SUPPLIED MATERIAL
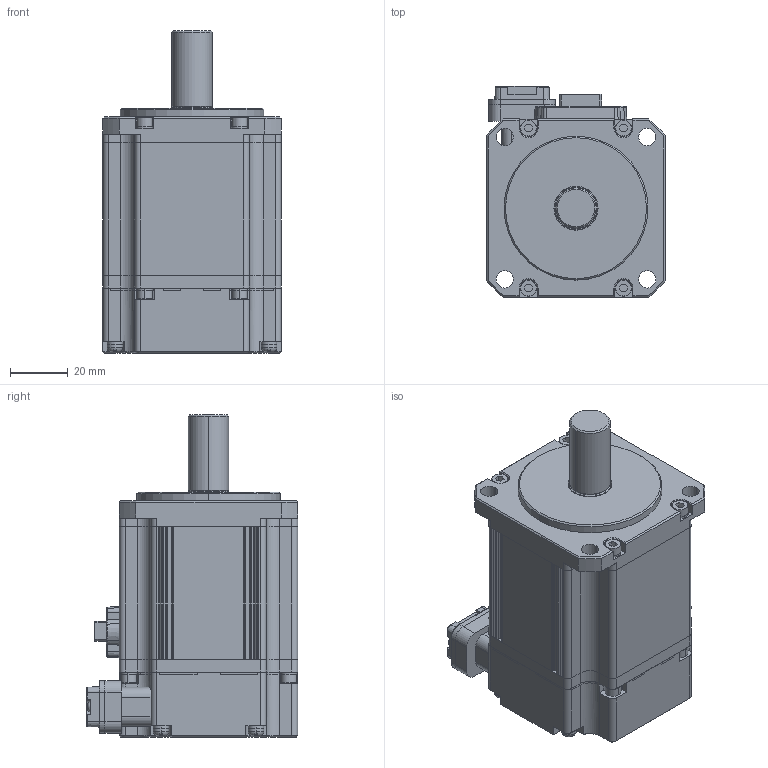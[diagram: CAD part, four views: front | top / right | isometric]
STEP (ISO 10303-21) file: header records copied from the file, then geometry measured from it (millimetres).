
FILE_DESCRIPTION (( 'STEP AP214' ), '1' );
FILE_NAME ('SLM06GA042G02_Out Line(APMC-FBL02AYN).STEP', '2019-07-25T08:57:13', ( '' ), ( '' ), 'SwSTEP 2.0', 'SolidWorks 2011', '' );
FILE_SCHEMA (( 'AUTOMOTIVE_DESIGN' ));
Length unit declared in the file: millimetre
Products named in the file (1): SLM06GA042G02_Out Line(APMC-FBL02AYN)
Bounding box: 62 x 73.5 x 112.2 mm (x, y, z)
Volume: 291382.6 mm3; surface area: 70185 mm2
Topology: 44 solids, 44 shells, 1837 faces, 4816 edges, 3131 vertices
Faces by surface type: plane 1183, cylinder 466, bspline 101, cone 67, torus 20
Entity records: 80968 total; most frequent: CARTESIAN_POINT 15201, ORIENTED_EDGE 9604, DIRECTION 8871, EDGE_CURVE 4802, LINE 3357, VECTOR 3357, VERTEX_POINT 3131, AXIS2_PLACEMENT_3D 2757

REQUIRED ACTION
This exercise asks for the data above to be given again exactly, without pictures.

SOLUTION TO THE EXERCISE
[diagram: CAD part, four views: front | top / right | isometric]
STEP (ISO 10303-21) file: header records copied from the file, then geometry measured from it (millimetres).
FILE_DESCRIPTION (( 'STEP AP214' ), '1' );
FILE_NAME ('SLM06GA042G02_Out Line(APMC-FBL02AYN).STEP', '2019-07-25T08:57:13', ( '' ), ( '' ), 'SwSTEP 2.0', 'SolidWorks 2011', '' );
FILE_SCHEMA (( 'AUTOMOTIVE_DESIGN' ));
Length unit declared in the file: millimetre
Products named in the file (1): SLM06GA042G02_Out Line(APMC-FBL02AYN)
Bounding box: 62 x 73.5 x 112.2 mm (x, y, z)
Volume: 291382.6 mm3; surface area: 70185 mm2
Topology: 44 solids, 44 shells, 1837 faces, 4816 edges, 3131 vertices
Faces by surface type: plane 1183, cylinder 466, bspline 101, cone 67, torus 20
Entity records: 80968 total; most frequent: CARTESIAN_POINT 15201, ORIENTED_EDGE 9604, DIRECTION 8871, EDGE_CURVE 4802, LINE 3357, VECTOR 3357, VERTEX_POINT 3131, AXIS2_PLACEMENT_3D 2757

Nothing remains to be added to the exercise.